This lone civil servant, Harold Smith, blew the lid on the fix and has paid the price for his honesty and courage literally for the rest of his life.
This month New African magazine published a followup to their original piece following the publication by the British government of official papers that confirm Harold Smith’s allegations of election rigging, down to the letter.
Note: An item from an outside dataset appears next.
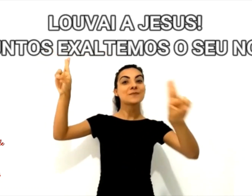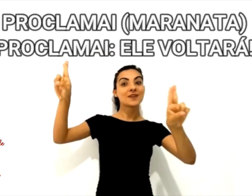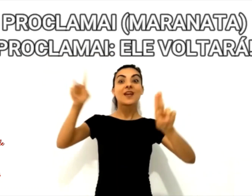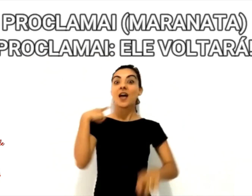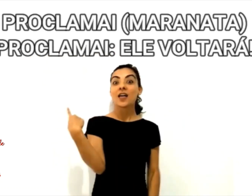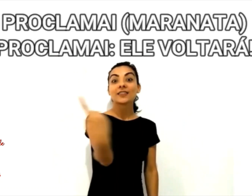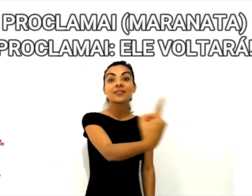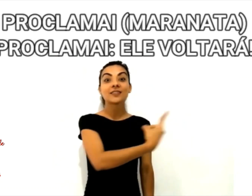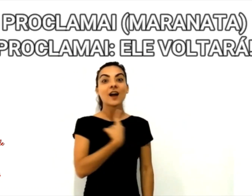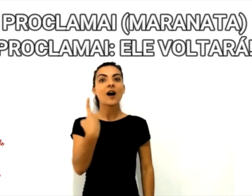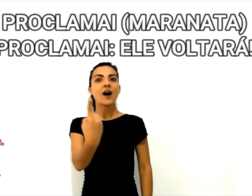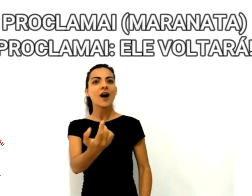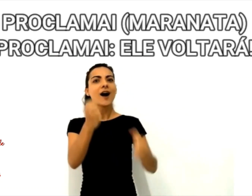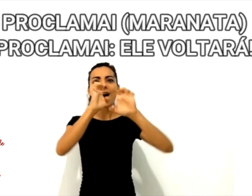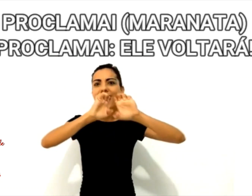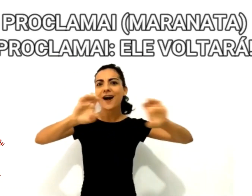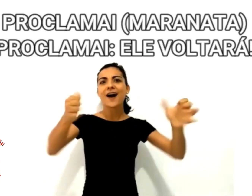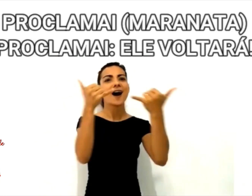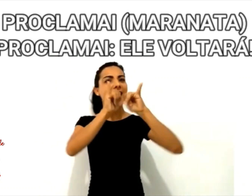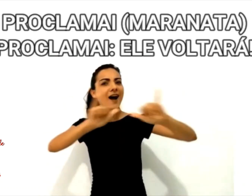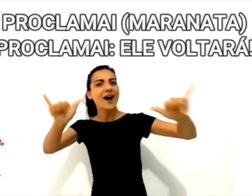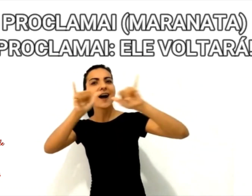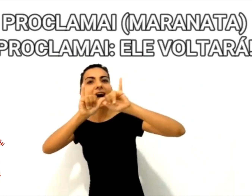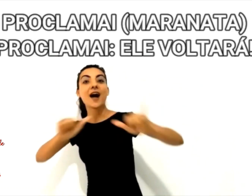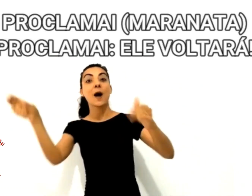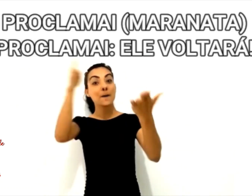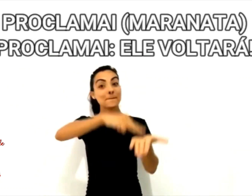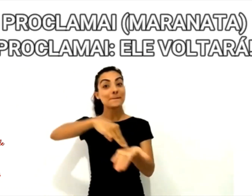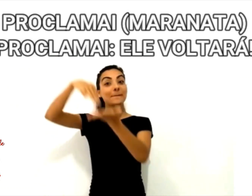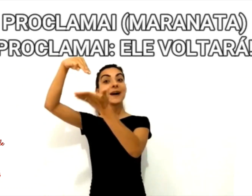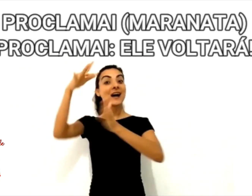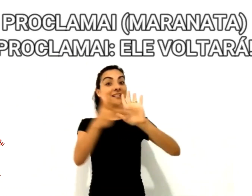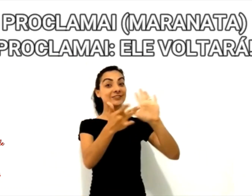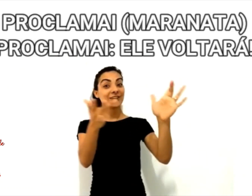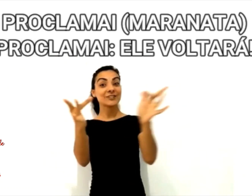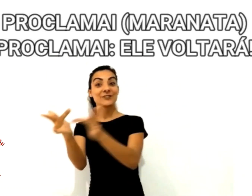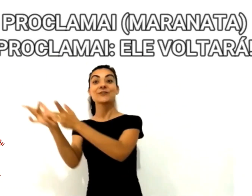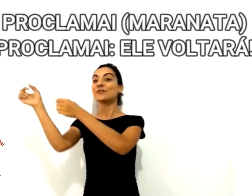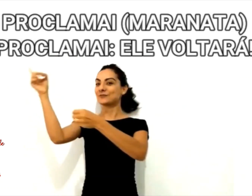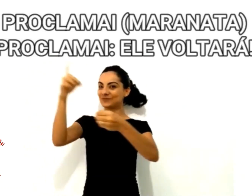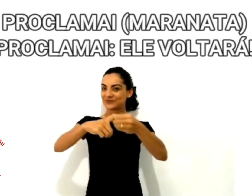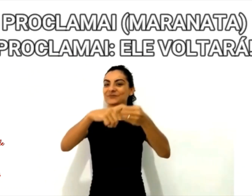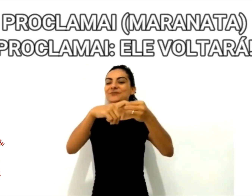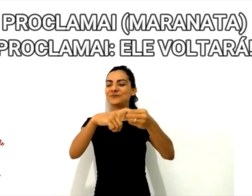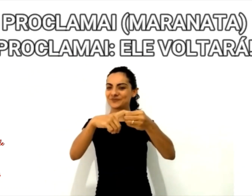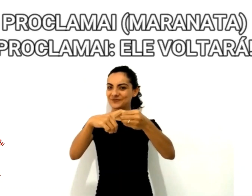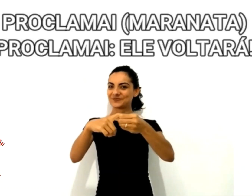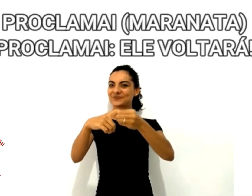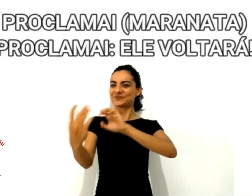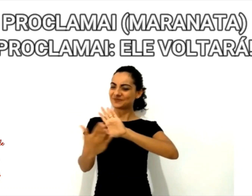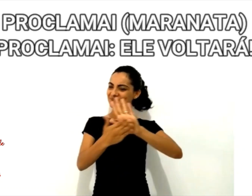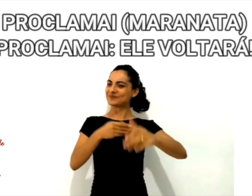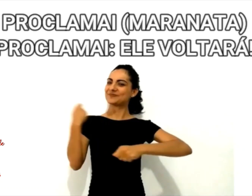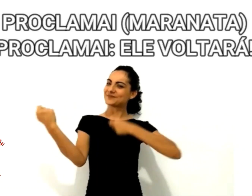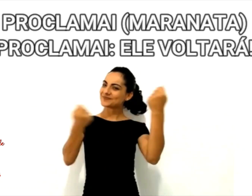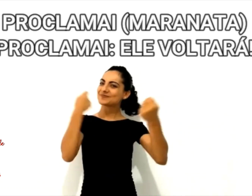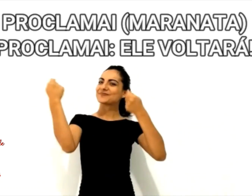proclamará, proclamará, Ele voltará.

“Official British documents just seen by New African have confirmed our May 2005 cover story about how Britain rigged Nigeria’s independence elections so that its compliant friends in the North would win power, dominate the country, and serve British interests after independence. “As long as the Federal Government remains dependent, our strategic requirements are constitutionally secure,” one of the documents says. “In the Westminster model, Parliament is the matrix of the Executive. When this model is exported to dependent territories, we are forced in the transitional stages to modify it in the interests of strong and stable government. This we do by rigging the parliament through official majorities, a restricted franchise and so forth,” another document reveals. “In the last resort, we must make sure that the government of Nigeria is strong, even if possibly undemocratic or unjust,” says yet another document.”” — ‘A squalid end to empire’ by Osei Boateng, New African magazine, November, 2008 [my emph. added, Ed]
The documents that confirm Harold Smith’s original allegations are to be found in an extremely expensive (£500) set of documents published for the Institute of Commonwealth Studies at the University of London in 2000 and 2001.
The series are titled ‘British Documents on the End of Empire Project’ (BDEEP) and it is in ‘Series A Volume 4’ that the relevant documents can be found, and as the author of the New African article Osei Boateng says,
“And what a joy to have official confirmation authenticating one’s story! And what a time to find it — on the eve of the 48th anniversary of Nigeria’s independence!”
Boateng quotes some of the relevant information from the documents including,
“So long as [Nigeria’s] Federal Government remains dependent, our strategic requirements are constitutionally secure.”
And under the subhead economic we read,
“The Nigerian market is a valuable one for United Kingdom manufactured goods. There are also important United Kingdom interests in trading and lesser interests in mining.”
But the kicker is to be found in the following quote taken from the minutes of a meeting held on 14 December 1959 involving R.S. Hudson, E.R. Hammer and Sir Hilton Poyton, who was then deputy under-secretary of state at the Colonial Office,
“When this model [Parliamentary democracy] is exported to dependent territories, we are forced in the transitional stages to modify it in the interests of strong and stable government. This we do by rigging the parliament through official majorities, a restricted franchise and so forth.”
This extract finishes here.